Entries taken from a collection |
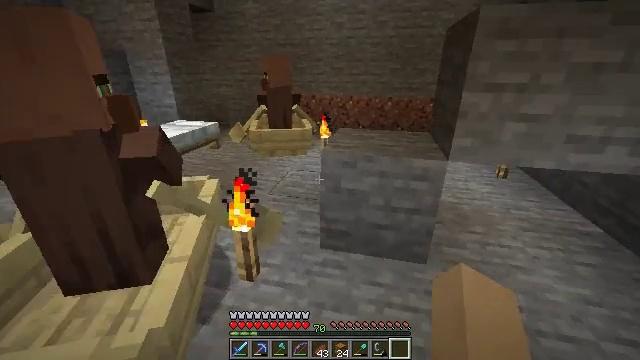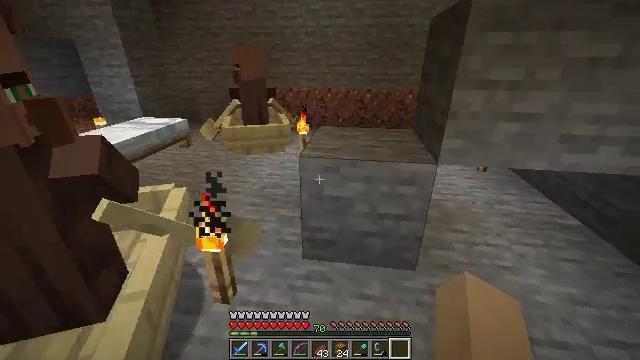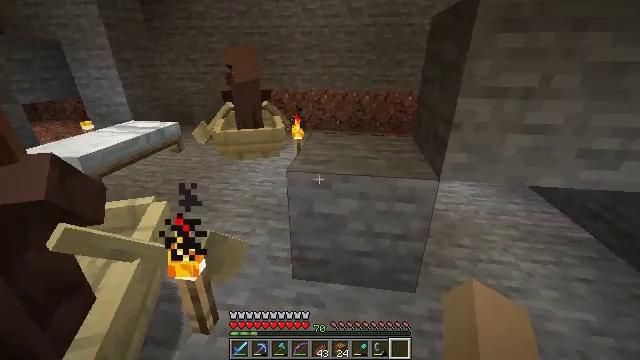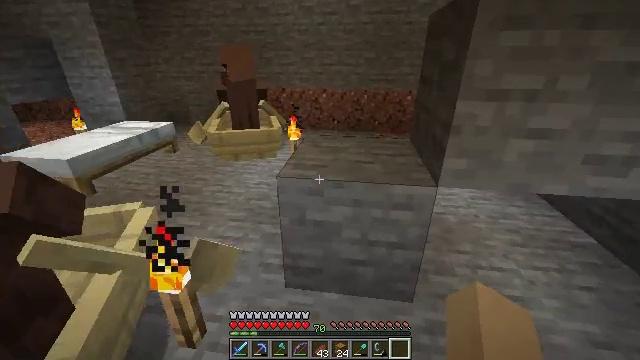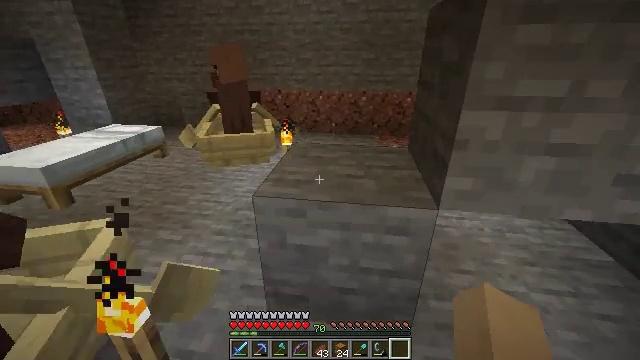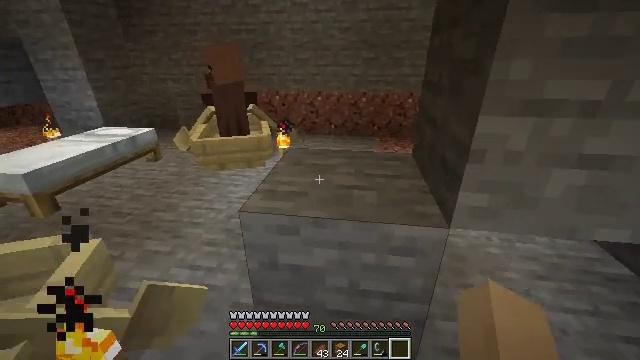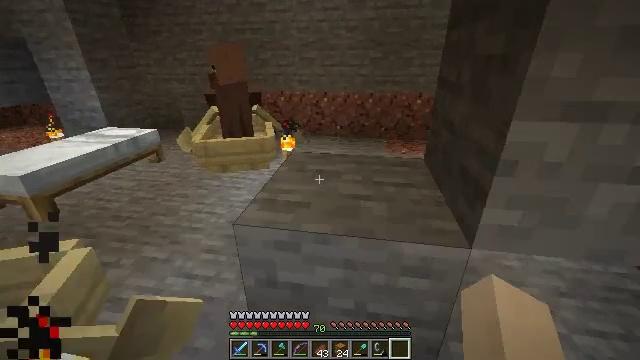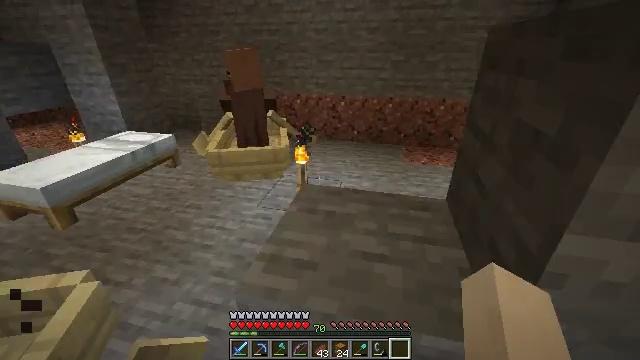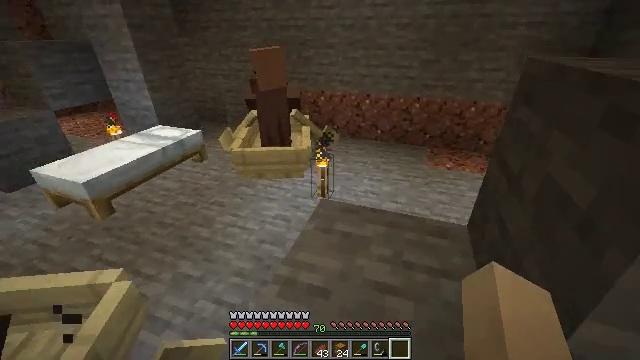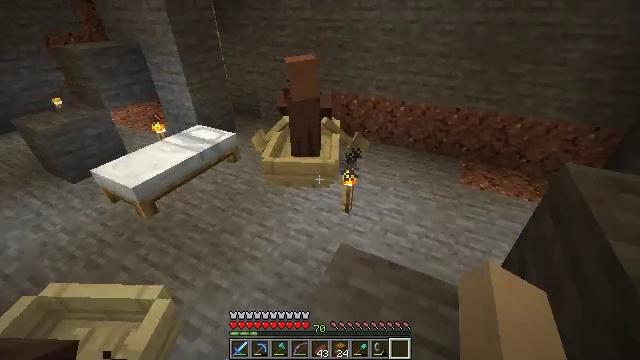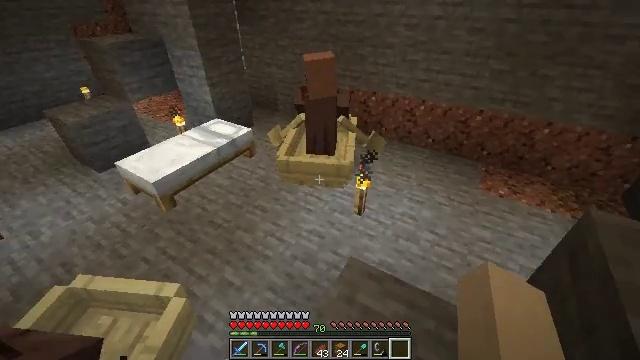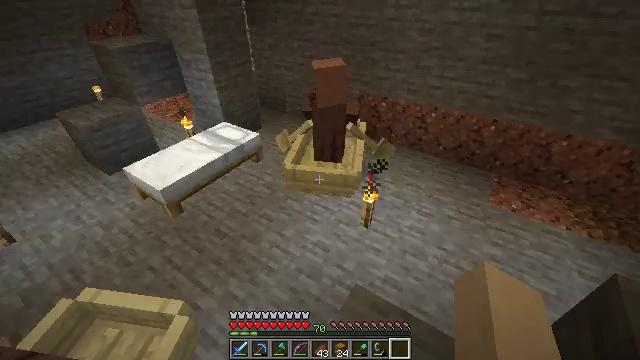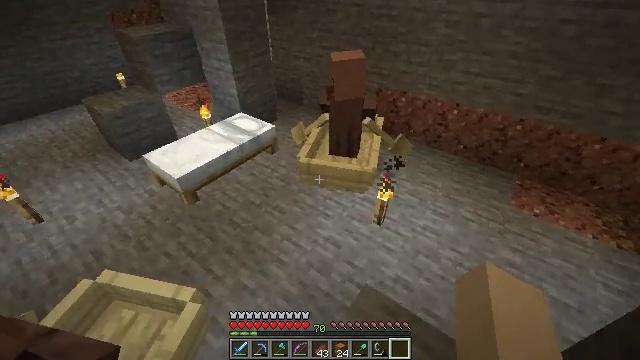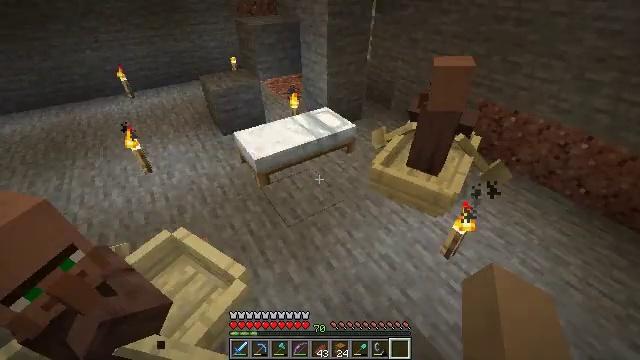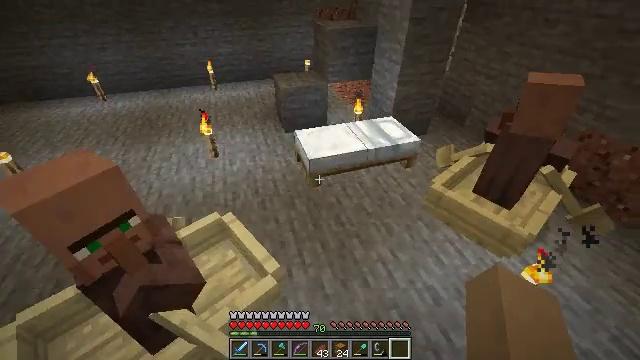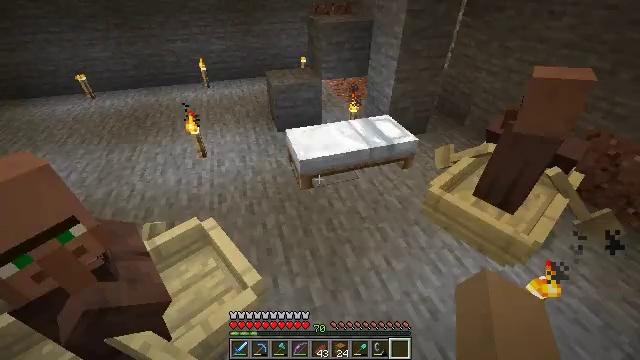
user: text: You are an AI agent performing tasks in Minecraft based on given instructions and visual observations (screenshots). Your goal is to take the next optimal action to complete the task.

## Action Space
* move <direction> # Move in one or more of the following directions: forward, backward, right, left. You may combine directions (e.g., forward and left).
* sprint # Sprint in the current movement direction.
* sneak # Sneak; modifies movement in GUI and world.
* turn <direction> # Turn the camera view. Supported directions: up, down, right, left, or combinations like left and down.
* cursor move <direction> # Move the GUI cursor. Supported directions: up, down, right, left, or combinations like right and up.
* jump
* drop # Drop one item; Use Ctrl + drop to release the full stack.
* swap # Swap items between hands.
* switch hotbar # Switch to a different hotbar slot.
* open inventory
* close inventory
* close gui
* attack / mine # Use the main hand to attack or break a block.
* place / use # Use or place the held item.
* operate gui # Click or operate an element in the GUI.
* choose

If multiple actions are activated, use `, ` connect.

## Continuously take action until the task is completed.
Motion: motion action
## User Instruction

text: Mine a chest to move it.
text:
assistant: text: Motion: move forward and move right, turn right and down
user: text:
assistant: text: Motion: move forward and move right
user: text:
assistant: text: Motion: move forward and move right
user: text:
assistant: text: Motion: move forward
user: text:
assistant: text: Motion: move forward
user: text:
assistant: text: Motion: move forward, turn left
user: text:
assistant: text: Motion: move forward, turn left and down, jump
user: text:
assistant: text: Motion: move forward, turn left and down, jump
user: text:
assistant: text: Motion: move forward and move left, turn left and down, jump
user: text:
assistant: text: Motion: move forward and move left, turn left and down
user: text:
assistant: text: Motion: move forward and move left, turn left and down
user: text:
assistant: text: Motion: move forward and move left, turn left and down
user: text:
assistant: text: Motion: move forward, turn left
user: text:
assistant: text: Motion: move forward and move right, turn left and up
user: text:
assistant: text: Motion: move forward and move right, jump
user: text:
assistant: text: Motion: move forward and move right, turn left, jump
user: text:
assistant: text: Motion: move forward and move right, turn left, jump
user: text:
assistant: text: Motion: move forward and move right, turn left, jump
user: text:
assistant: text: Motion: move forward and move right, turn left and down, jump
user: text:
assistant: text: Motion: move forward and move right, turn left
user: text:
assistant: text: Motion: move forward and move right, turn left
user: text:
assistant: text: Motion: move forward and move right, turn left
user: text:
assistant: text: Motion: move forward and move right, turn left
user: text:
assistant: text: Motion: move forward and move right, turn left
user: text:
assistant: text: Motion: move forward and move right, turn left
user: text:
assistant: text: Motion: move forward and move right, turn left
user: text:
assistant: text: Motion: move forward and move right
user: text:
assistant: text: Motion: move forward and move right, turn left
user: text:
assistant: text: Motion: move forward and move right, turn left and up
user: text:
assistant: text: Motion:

REQUIRED WORK | Could you reproduce every entry exactly, leaving out the pictures?

PROBLEM SOLUTION |
user: text: You are an AI agent performing tasks in Minecraft based on given instructions and visual observations (screenshots). Your goal is to take the next optimal action to complete the task.

## Action Space
* move <direction> # Move in one or more of the following directions: forward, backward, right, left. You may combine directions (e.g., forward and left).
* sprint # Sprint in the current movement direction.
* sneak # Sneak; modifies movement in GUI and world.
* turn <direction> # Turn the camera view. Supported directions: up, down, right, left, or combinations like left and down.
* cursor move <direction> # Move the GUI cursor. Supported directions: up, down, right, left, or combinations like right and up.
* jump
* drop # Drop one item; Use Ctrl + drop to release the full stack.
* swap # Swap items between hands.
* switch hotbar # Switch to a different hotbar slot.
* open inventory
* close inventory
* close gui
* attack / mine # Use the main hand to attack or break a block.
* place / use # Use or place the held item.
* operate gui # Click or operate an element in the GUI.
* choose

If multiple actions are activated, use `, ` connect.

## Continuously take action until the task is completed.
Motion: motion action
## User Instruction

text: Mine a chest to move it.
text:
assistant: text: Motion: move forward and move right, turn right and down
user: text:
assistant: text: Motion: move forward and move right
user: text:
assistant: text: Motion: move forward and move right
user: text:
assistant: text: Motion: move forward
user: text:
assistant: text: Motion: move forward
user: text:
assistant: text: Motion: move forward, turn left
user: text:
assistant: text: Motion: move forward, turn left and down, jump
user: text:
assistant: text: Motion: move forward, turn left and down, jump
user: text:
assistant: text: Motion: move forward and move left, turn left and down, jump
user: text:
assistant: text: Motion: move forward and move left, turn left and down
user: text:
assistant: text: Motion: move forward and move left, turn left and down
user: text:
assistant: text: Motion: move forward and move left, turn left and down
user: text:
assistant: text: Motion: move forward, turn left
user: text:
assistant: text: Motion: move forward and move right, turn left and up
user: text:
assistant: text: Motion: move forward and move right, jump
user: text:
assistant: text: Motion: move forward and move right, turn left, jump
user: text:
assistant: text: Motion: move forward and move right, turn left, jump
user: text:
assistant: text: Motion: move forward and move right, turn left, jump
user: text:
assistant: text: Motion: move forward and move right, turn left and down, jump
user: text:
assistant: text: Motion: move forward and move right, turn left
user: text:
assistant: text: Motion: move forward and move right, turn left
user: text:
assistant: text: Motion: move forward and move right, turn left
user: text:
assistant: text: Motion: move forward and move right, turn left
user: text:
assistant: text: Motion: move forward and move right, turn left
user: text:
assistant: text: Motion: move forward and move right, turn left
user: text:
assistant: text: Motion: move forward and move right, turn left
user: text:
assistant: text: Motion: move forward and move right
user: text:
assistant: text: Motion: move forward and move right, turn left
user: text:
assistant: text: Motion: move forward and move right, turn left and up
user: text:
assistant: text: Motion:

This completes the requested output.